- Oct 23, 2002
- 6,294
- 171
- 106
VR is the limit pusher at this time.
Which is lame cause it's low resolution and most games that are being made specifically for it aren't pushing the graphics to new levels.
I doubt you will anytime soon. Crysis was released in 2007 as a PC exclusive during the tail end of the "PC gaming = PC first" Golden Age. These days, they won't even make an AAA game that isn't cross platform given 80-90% of sales are console (and 90% of the 10-20% PC sales are typical mid-range hardware). As others have mentioned, everything rests on being designed to weak-sauce consoles, and the main thing that PC's scale up beyond that is resolution.I do wish we'd see a Crysis like WOW factor -- something to crush 1080/ti's atm that isn't 3 monitors plus 200hz.
To your point though -- consoles are still what are holding most advances up. VR is a completely different subject really. It's limitations are simply due to having to double it up.
...
The immersion in a low poly/cartoony game of Rec Room blows away anything non VR that's come out no matter how pretty it is and the highest capable cards still struggle for the more graphically intense things. Blame the graphics cards people and all the people buying them just to mine crypto for the stagnation. The rest is basically being put on console and ported to PC which is nothing new.
I am so glad I don't get hung up on graphics. It allows me to enjoy things and worry more about the gameplay etc - which many companies really fail at. I don't care if I'm on ultra for everything. As long as I can make out what it is supposed to be, I can go back and forth from new state of the art games to pixel/retro games etc without a worry.
^ I think the issue may be partly the absurd modern game design trend of stuffing a dozen over-exaggerated blur filters (Depth of Field, Motion Blur, Radial Blur, Vignetting), etc, which seemed to start up around 2012-2013. When this then gets adopted industry-wide, then people get habituated into accepting blurry games and try and pretend it's somehow normal for your world-saving in-game super-hero's vision to be worse than my 91yr old grandmother's pre-cataract-surgery, even though effects like "wall of blur" Depth Of Field at stuff you're directly looking at or Chromatic Abhorration aren't even remotely realistic (nor make any logical sense in rendered games that aren't captured through any optical lens). Then after playing a dozen of those, along comes a new game without all the fake post-processing blur "enhancements", and gamers often react with a "Wow, this looks so clear and natural".Whats funny is that the reason I made this thread is after seeing a trailer on reddit of -- Kingdom Hearts Toy Story -- on PS4 of all games. The neighborhood scenes look so clean/realistic even in cartoon/CGI form. Maybe its the lighting, style or perspective but it looks awesome to me.
https://www.youtube.com/watch?v=_Ix4muaZj1s
The question was about graphics specifically. As in getting closer to photorealism. VR isn't doing that as I said. Your feeling of immersion or whatnot has no bearing on the discussion.

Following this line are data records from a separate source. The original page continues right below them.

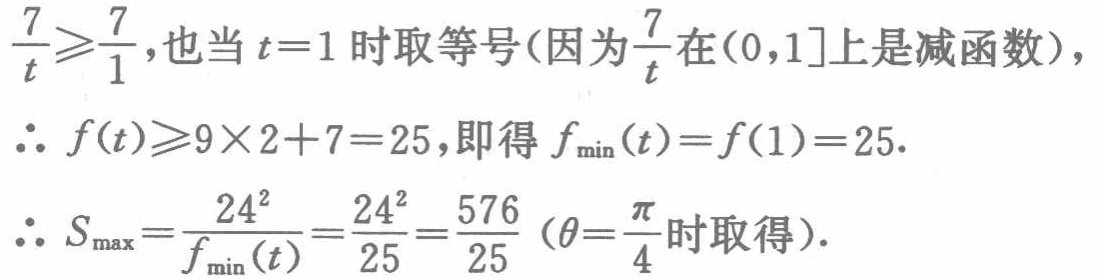
$\frac{7}{t}\geqslant\frac{7}{1},也当t = 1时取等号(因为\frac{7}{t}在(0,1]上是减函数)，
\therefore f(t)\geqslant9\times2 + 7 = 25,即得f_{\min}(t)=f(1)=25.
\therefore S_{\max}=\frac{24^{2}}{f_{\min}(t)}=\frac{24^{2}}{25}=\frac{576}{25}(\theta=\frac{\pi}{4}时取得).$
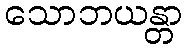
သောဘယန္တာ
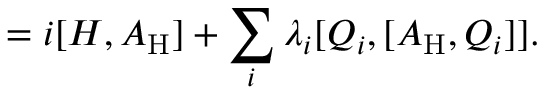
\mathrm { } = i [ H , A _ { \mathrm { H } } ] + \sum _ { i } ^ { } \lambda _ { i } [ Q _ { i } , [ A _ { \mathrm { H } } , Q _ { i } ] ] .
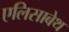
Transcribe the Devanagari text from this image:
एलिसाबेथ
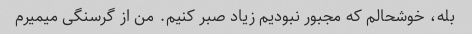
بله، خوشحالم که مجبور نبودیم زیاد صبر کنیم. من از گرسنگی میمیرم
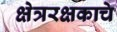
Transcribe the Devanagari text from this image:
क्षेत्ररक्षकाचे
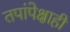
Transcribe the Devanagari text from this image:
तपांपेक्षाही
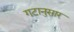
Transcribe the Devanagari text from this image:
गटानुसार
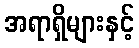
အရာရှိများနှင့်
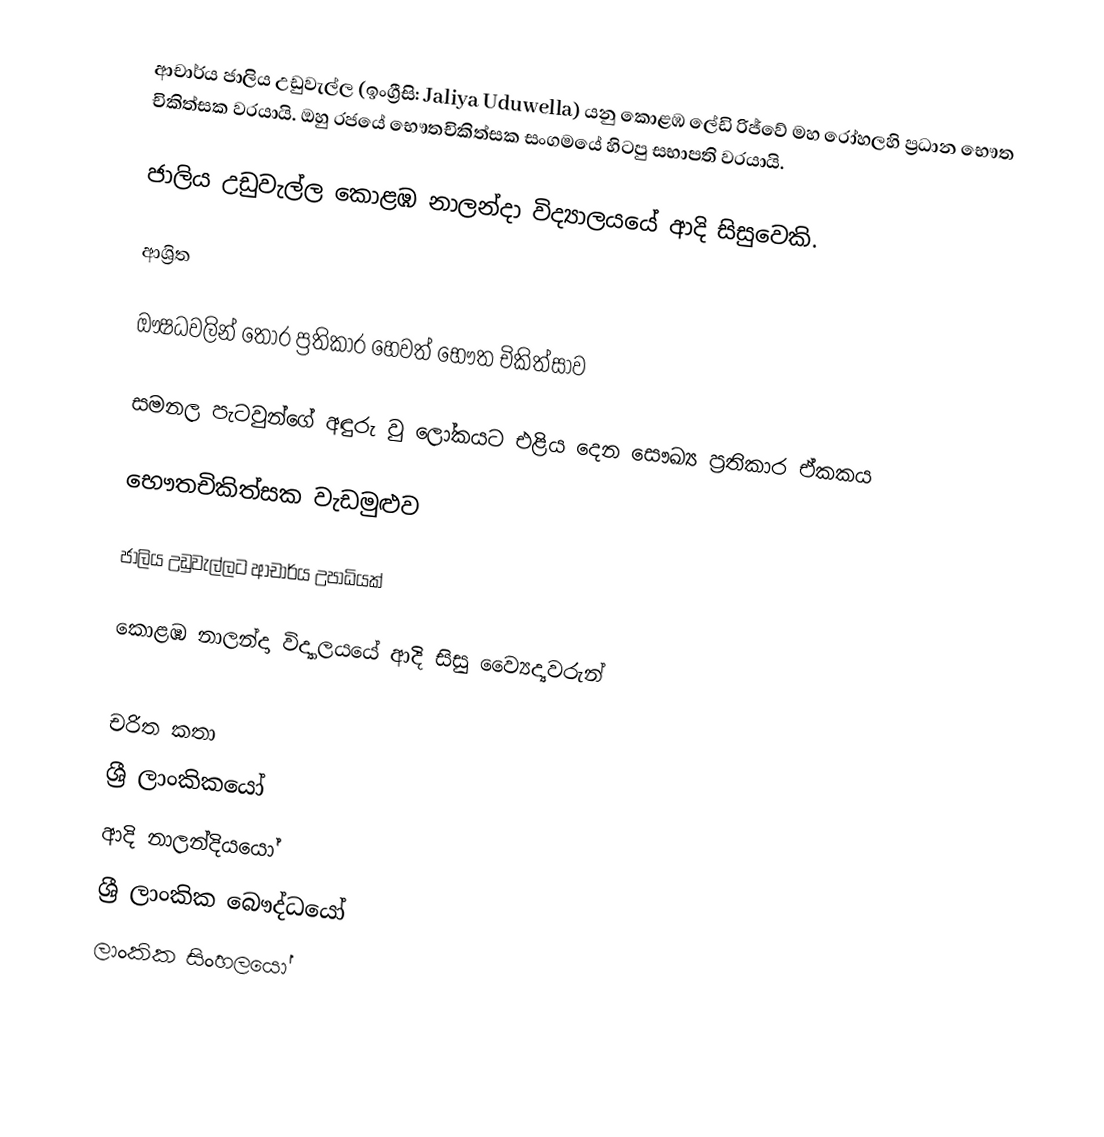
ආචාර්ය ජාලිය උඩුවැල්ල (ඉංග්‍රීසි: Jaliya Uduwella) යනු කොළඹ ලේඩි රිජ්වේ මහ රෝහලහි ප්‍රධාන භෞත චිකිත්සක වරයායි.  ඔහු රජයේ භෞතචිකිත්සක සංගමයේ හිටපු සභාපති වරයායි.

ජාලිය උඩුවැල්ල  කොළඹ නාලන්දා විද්‍යාලයයේ ආදි සිසුවෙකි.

ආශ්‍රිත

 ඖෂධවලින් තොර ප්‍රතිකාර හෙවත් භෞත චිකිත්සාව

 සමනල පැටවුන්ගේ අඳුරු වු ලෝකයට එළිය දෙන සෞඛ්‍ය ප‍්‍රතිකාර ඒකකය

 භෞතචිකිත්සක වැඩමුළුව

 ජාලිය උඩුවැල්ලට ආචාර්ය උපාධියක්

 කොළඹ නාලන්දා විද්‍යාලයයේ ආදි සිසු ව්‍යෛද්‍යවරුන්

චරිත කතා
ශ්‍රී ලාංකිකයෝ
ආදි නාලන්දියයෝ
ශ්‍රී ලාංකික බෞද්ධයෝ
ලාංකික සිංහලයෝ
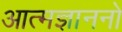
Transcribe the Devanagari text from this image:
आत्मज्ञाननो
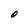
Character: O
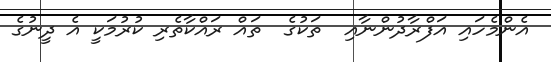
އެންމެހައި އަފްރާދުންނާއި  ތަކުގެ  ތައް ރައްކާތެރި ކުރުމަކީ އެ ދީނުގެ
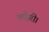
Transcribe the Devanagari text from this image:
लड़ेगी।
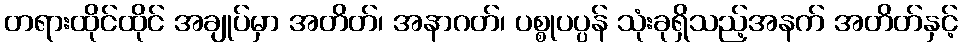
တရားထိုင်ထိုင် အချုပ်မှာ အတိတ်၊ အနာဂတ်၊ ပစ္စုပပ္ပန် သုံးခုရှိသည့်အနက် အတိတ်နှင့်
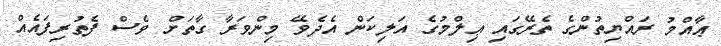
ޢާއްމު ރައްޔިތުންގެ ތެރޭގައި ޢިލްމުގެ އަލިކަން އެދެވޭ މިންވަރާ ގާތަށް ވެސް ފެތުރިފައެއް
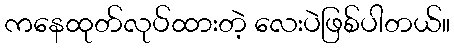
ကနေထုတ်လုပ်ထားတဲ့ လေးပဲဖြစ်ပါတယ်။
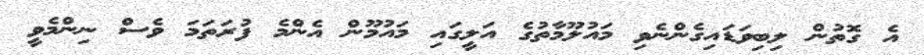
އެ ގޮތުން ލިބިވަޑައިގެންނެވި މައުލޫމާތުގެ އަލީގައި މައުމޫން އެންމެ ފުރަތަމަ ވެސް ނިންމެވީ
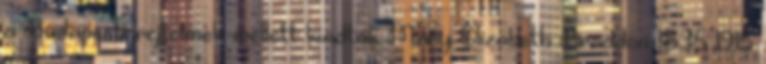
a Budapesti rejtelmek mellett kiadták Mary Elizabeth Braddon 1835–1915
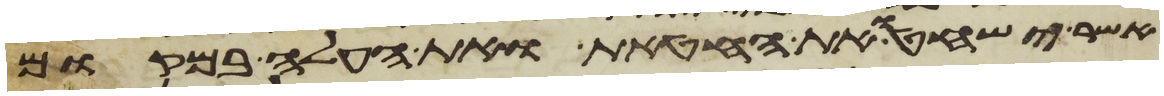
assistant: אשר ישחטו את החטאת ואת העלה במקום

^ I think the issue may be partly the absurd modern game design trend of stuffing a dozen over-exaggerated blur filters (Depth of Field, Motion Blur, Radial Blur, Vignetting), etc, which seemed to start up around 2012-2013. When this then gets adopted industry-wide, then people get habituated into accepting blurry games and try and pretend it's somehow normal for your world-saving in-game super-hero's vision to be worse than my 91yr old grandmother's pre-cataract-surgery, even though effects like "wall of blur" Depth Of Field at stuff you're directly looking at or Chromatic Abhorration aren't even remotely realistic (nor make any logical sense in rendered games that aren't captured through any optical lens). Then after playing a dozen of those, along comes a new game without all the fake post-processing blur "enhancements", and gamers often react with a "Wow, this looks so clear and natural".
I regularly replay a lot of older games and constantly notice exactly the same effect switching back and forth from pre-2012 games which aren't stuffed full of blur shaders and they somehow look much "cleaner" and more natural for it, even though texture resolutions are lower. It feels like you're actually "allowed" to look around your screen without having Vaseline smeared over every area except the very centre for absolutely no reason whatsoever.

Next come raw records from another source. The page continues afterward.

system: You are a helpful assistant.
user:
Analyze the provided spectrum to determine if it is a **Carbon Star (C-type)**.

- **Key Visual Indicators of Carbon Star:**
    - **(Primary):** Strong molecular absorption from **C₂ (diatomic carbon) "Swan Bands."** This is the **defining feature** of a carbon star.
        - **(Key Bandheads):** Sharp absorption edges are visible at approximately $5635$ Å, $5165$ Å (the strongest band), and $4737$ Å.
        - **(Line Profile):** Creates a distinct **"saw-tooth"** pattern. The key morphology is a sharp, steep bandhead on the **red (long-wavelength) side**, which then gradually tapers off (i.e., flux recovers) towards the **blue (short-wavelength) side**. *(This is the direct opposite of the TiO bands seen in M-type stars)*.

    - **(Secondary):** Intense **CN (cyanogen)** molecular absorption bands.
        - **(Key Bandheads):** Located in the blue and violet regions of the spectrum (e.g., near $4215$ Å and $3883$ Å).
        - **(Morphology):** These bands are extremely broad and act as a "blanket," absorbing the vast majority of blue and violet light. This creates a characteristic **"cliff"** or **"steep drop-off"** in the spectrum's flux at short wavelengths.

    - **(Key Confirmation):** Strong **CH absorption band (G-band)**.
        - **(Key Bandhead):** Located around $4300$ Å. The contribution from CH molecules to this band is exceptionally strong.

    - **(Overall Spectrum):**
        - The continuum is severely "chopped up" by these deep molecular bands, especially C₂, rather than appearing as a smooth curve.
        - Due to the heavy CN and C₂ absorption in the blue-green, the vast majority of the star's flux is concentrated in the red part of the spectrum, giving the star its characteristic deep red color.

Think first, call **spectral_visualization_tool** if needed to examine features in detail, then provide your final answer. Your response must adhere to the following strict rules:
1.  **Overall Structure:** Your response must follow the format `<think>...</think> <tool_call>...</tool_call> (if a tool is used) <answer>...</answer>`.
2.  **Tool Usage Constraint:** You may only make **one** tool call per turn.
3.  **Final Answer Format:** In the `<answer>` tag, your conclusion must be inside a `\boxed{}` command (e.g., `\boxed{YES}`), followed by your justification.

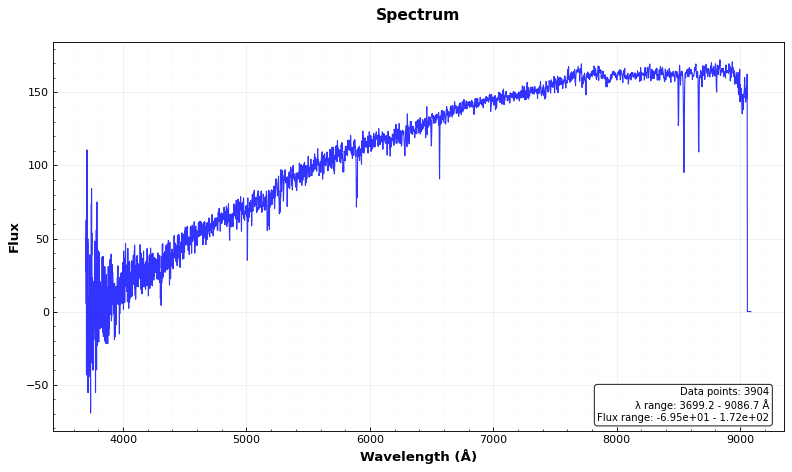
Answer: NO
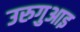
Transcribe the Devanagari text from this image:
उरुगुआइ
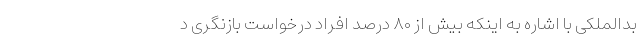
بدالملکی با اشاره به اینکه بیش از ۸۰ درصد افراد درخواست بازنگری د
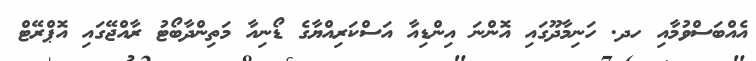
އެއްބަސްވުމާއި ހދ. ހަނިމާދޫގައި އޮންނަ އިންޑިއާ އަސްކަރިއްޔާގެ ޑޯނިއާ މަތިންދާބޯޓު ރާއްޖޭގައި އޮޕްރޭޓް
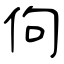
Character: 佝
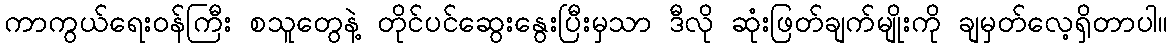
ကာကွယ်ရေးဝန်ကြီး စသူတွေနဲ့ တိုင်ပင်ဆွေးနွေးပြီးမှသာ ဒီလို ဆုံးဖြတ်ချက်မျိုးကို ချမှတ်လေ့ရှိတာပါ။
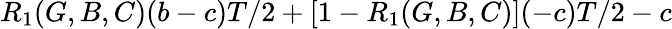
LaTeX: R_{1}(G,B,C)(b-c)T/2+\left[1-R_{1}(G,B,C)\right](-c)T/2-c
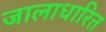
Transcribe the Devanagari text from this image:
जालाधारित
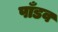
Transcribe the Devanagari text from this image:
पाँडव
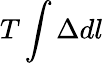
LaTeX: T\int\Delta dl
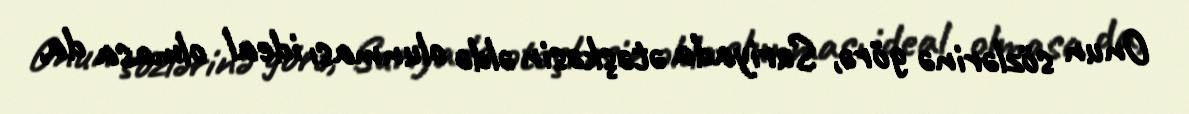
Onun sözlərinə görə, Suriyada ətəşkəsin əldə olunması ideal olmasa da,
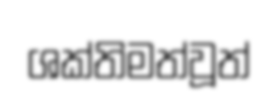
ශක්තිමත්වූත්
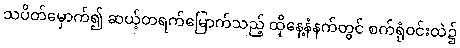
သပိတ်မှောက်၍ ဆယ့်တရက်မြောက်သည့် ထိုနေ့နံနက်တွင် စက်ရုံဝင်းထဲ၌
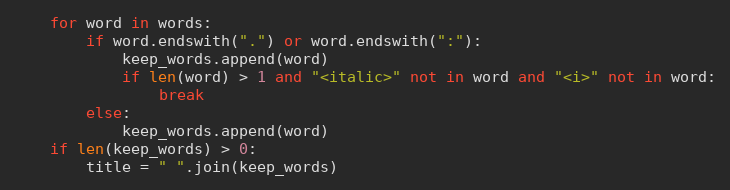
Language: Python
    for word in words:
        if word.endswith(".") or word.endswith(":"):
            keep_words.append(word)
            if len(word) > 1 and "<italic>" not in word and "<i>" not in word:
                break
        else:
            keep_words.append(word)
    if len(keep_words) > 0:
        title = " ".join(keep_words)
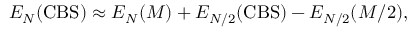
E _ { N } ( \mathrm { C B S } ) \approx E _ { N } ( M ) + E _ { N / 2 } ( \mathrm { C B S } ) - E _ { N / 2 } ( M / 2 ) ,
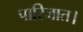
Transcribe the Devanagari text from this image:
पारिजात।
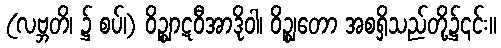
(လဗ္ဘတိ၊ ၌ စပ်၊) ဝိဉ္ဈာဋဝီအာဒိုဝါ၊ ဝိဉ္ဈတော အစရှိသည်တို့၌၎င်း။
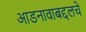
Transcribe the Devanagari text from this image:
आडनावाबद्दलचे
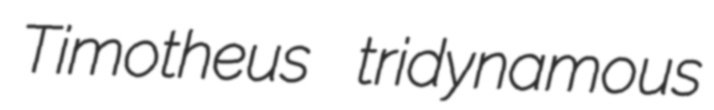
Timotheus tridynamous
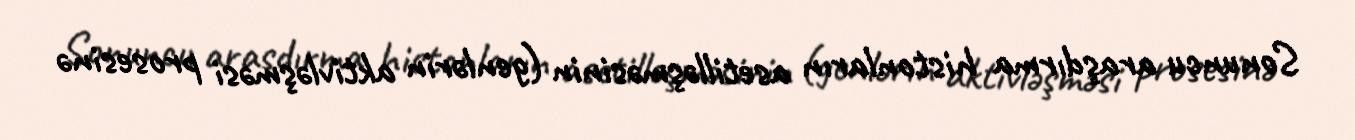
Sonuncu araşdırma histonların asetilləşməsinin (genlərin aktivləşməsi prosesinə
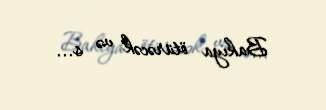
Bakıya ötürəcək və s...
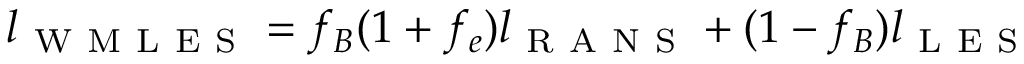
l _ { \mathrm { ~ W ~ M ~ L ~ E ~ S ~ } } = f _ { B } ( 1 + f _ { e } ) l _ { \mathrm { ~ R ~ A ~ N ~ S ~ } } + ( 1 - f _ { B } ) l _ { \mathrm { ~ L ~ E ~ S ~ } }
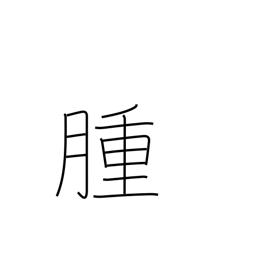
Meaning: tumor
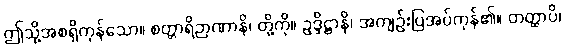
ဤသို့အစရှိကုန်သော။ စတ္တာရိဉာဏာနိ၊ တို့ကို။ ဥဒ္ဒိဋ္ဌာနိ၊ အကျဉ်းပြအပ်ကုန်၏။ တတ္ထာပိ၊
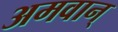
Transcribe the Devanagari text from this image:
अमवान्
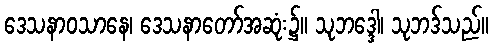
ဒေသနာဝသာနေ၊ ဒေသနာတော်အဆုံး၌။ သုဘဒ္ဒေါ၊ သုဘဒ်သည်။
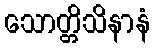
သောတ္တိသိနာနံ

It might be worth trying disabling DoF, etc, in other games then testing them for 20mins. If they feel cleaner / more realistic (especially outdoors), there's your answer. It took me a while to figure out half the stuff in Ultra presets is entirely subjective as to whether they make a game look better / cooler or simply worse / irritatingly stupid.
Fair enough - my point about VR was simply that it is pushing the need for cards that can do more which in turn also allows better graphics and fps. I see it as an advantage in a world where things have stagnated.
VR is the limit pusher at this time.